▶ EXERCISE
Would you transcribe the entries below, beginning at the line with "[diagram: clean part render]" and ending after the line with "Length unit declared in the file: inch", exactly, with no picture and nothing more?

▶ SUPPLIED MATERIAL
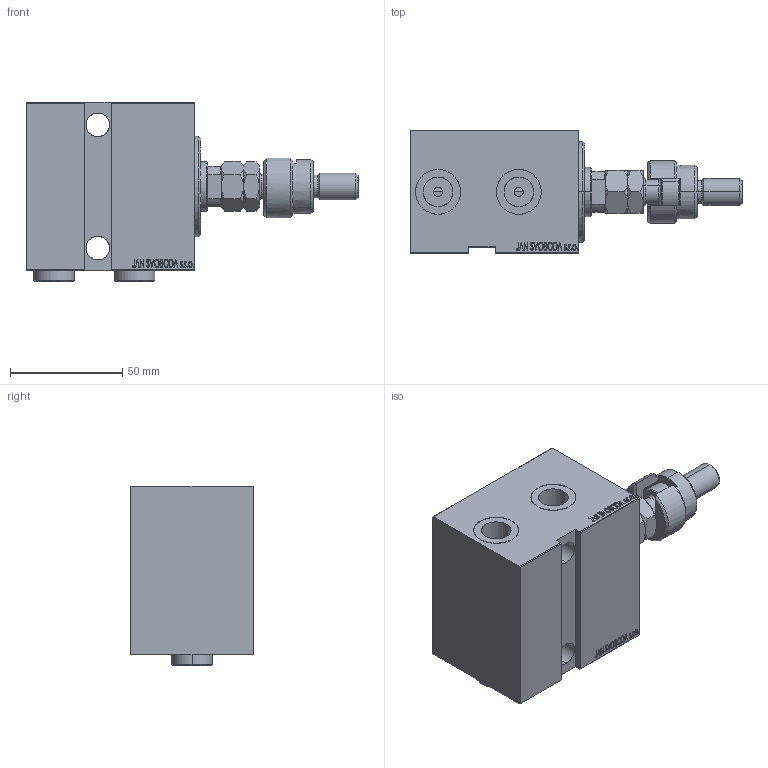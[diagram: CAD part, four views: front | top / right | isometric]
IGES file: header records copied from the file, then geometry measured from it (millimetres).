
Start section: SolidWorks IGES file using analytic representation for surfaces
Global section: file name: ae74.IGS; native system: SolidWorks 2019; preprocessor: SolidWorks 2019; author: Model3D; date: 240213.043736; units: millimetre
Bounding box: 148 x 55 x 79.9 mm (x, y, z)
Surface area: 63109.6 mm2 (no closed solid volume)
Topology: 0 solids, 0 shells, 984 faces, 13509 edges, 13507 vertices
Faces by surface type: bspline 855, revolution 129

* * *

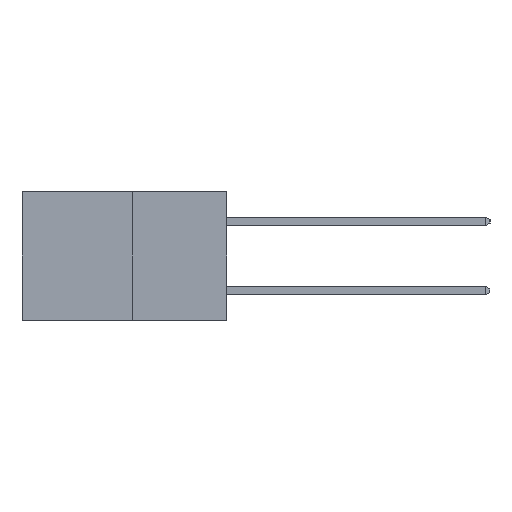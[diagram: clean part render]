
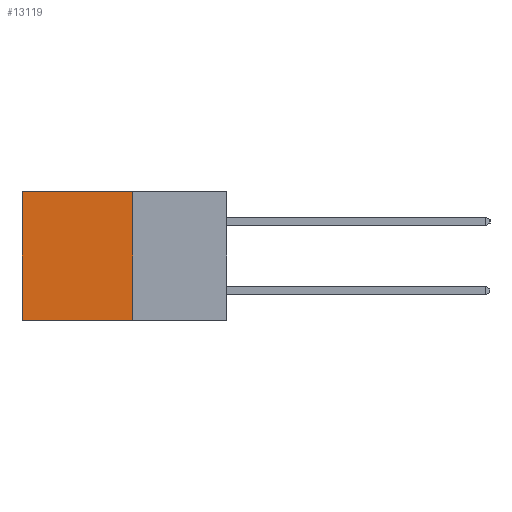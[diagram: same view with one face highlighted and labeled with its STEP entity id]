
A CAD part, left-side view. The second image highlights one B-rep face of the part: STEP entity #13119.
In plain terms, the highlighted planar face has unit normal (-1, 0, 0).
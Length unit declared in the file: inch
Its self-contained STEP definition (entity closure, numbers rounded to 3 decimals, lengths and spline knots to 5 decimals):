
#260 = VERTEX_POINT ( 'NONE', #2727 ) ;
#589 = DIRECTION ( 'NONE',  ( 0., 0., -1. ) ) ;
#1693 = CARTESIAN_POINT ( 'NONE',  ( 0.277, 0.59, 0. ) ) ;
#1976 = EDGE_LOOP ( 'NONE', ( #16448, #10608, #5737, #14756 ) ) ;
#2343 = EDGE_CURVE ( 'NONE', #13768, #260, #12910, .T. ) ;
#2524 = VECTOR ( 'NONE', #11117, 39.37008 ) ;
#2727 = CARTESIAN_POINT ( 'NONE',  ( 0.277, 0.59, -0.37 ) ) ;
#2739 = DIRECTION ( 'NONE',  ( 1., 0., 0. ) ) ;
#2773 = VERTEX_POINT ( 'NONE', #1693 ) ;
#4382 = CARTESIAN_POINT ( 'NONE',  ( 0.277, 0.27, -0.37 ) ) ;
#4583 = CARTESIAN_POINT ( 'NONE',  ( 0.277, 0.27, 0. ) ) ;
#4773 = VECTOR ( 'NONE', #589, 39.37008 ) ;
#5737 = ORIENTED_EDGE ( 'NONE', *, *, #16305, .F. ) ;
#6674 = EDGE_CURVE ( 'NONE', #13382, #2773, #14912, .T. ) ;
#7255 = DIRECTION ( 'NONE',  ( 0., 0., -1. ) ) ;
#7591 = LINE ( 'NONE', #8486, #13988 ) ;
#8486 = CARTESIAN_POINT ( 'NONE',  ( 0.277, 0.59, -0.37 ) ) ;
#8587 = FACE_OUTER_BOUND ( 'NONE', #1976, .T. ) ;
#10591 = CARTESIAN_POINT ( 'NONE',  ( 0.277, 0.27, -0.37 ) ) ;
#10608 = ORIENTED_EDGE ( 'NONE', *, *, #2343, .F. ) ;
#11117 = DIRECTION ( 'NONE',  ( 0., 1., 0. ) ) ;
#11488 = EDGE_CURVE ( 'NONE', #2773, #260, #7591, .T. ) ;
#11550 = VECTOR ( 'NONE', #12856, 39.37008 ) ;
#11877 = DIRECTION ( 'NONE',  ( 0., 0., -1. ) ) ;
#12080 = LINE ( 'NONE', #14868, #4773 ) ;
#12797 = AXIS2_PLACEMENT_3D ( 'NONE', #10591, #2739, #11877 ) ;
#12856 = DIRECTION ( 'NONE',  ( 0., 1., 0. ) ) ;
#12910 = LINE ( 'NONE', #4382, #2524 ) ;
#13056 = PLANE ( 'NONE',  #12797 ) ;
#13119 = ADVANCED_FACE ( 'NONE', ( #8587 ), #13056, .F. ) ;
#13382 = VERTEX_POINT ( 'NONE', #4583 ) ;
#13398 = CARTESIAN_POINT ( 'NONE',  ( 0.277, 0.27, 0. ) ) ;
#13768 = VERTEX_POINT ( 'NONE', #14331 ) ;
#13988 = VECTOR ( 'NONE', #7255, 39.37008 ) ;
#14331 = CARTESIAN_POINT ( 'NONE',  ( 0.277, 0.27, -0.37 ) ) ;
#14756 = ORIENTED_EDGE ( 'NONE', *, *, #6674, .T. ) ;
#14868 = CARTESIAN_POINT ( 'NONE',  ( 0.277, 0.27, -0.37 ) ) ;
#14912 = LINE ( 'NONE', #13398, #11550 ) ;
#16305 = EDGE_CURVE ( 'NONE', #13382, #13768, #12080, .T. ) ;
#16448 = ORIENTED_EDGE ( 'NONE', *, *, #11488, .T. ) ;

▶ REPLY
[diagram: clean part render]
[diagram: same view with one face highlighted and labeled with its STEP entity id]
A CAD part, left-side view. The second image highlights one B-rep face of the part: STEP entity #13119.
In plain terms, the highlighted planar face has unit normal (-1, 0, 0).
Length unit declared in the file: inch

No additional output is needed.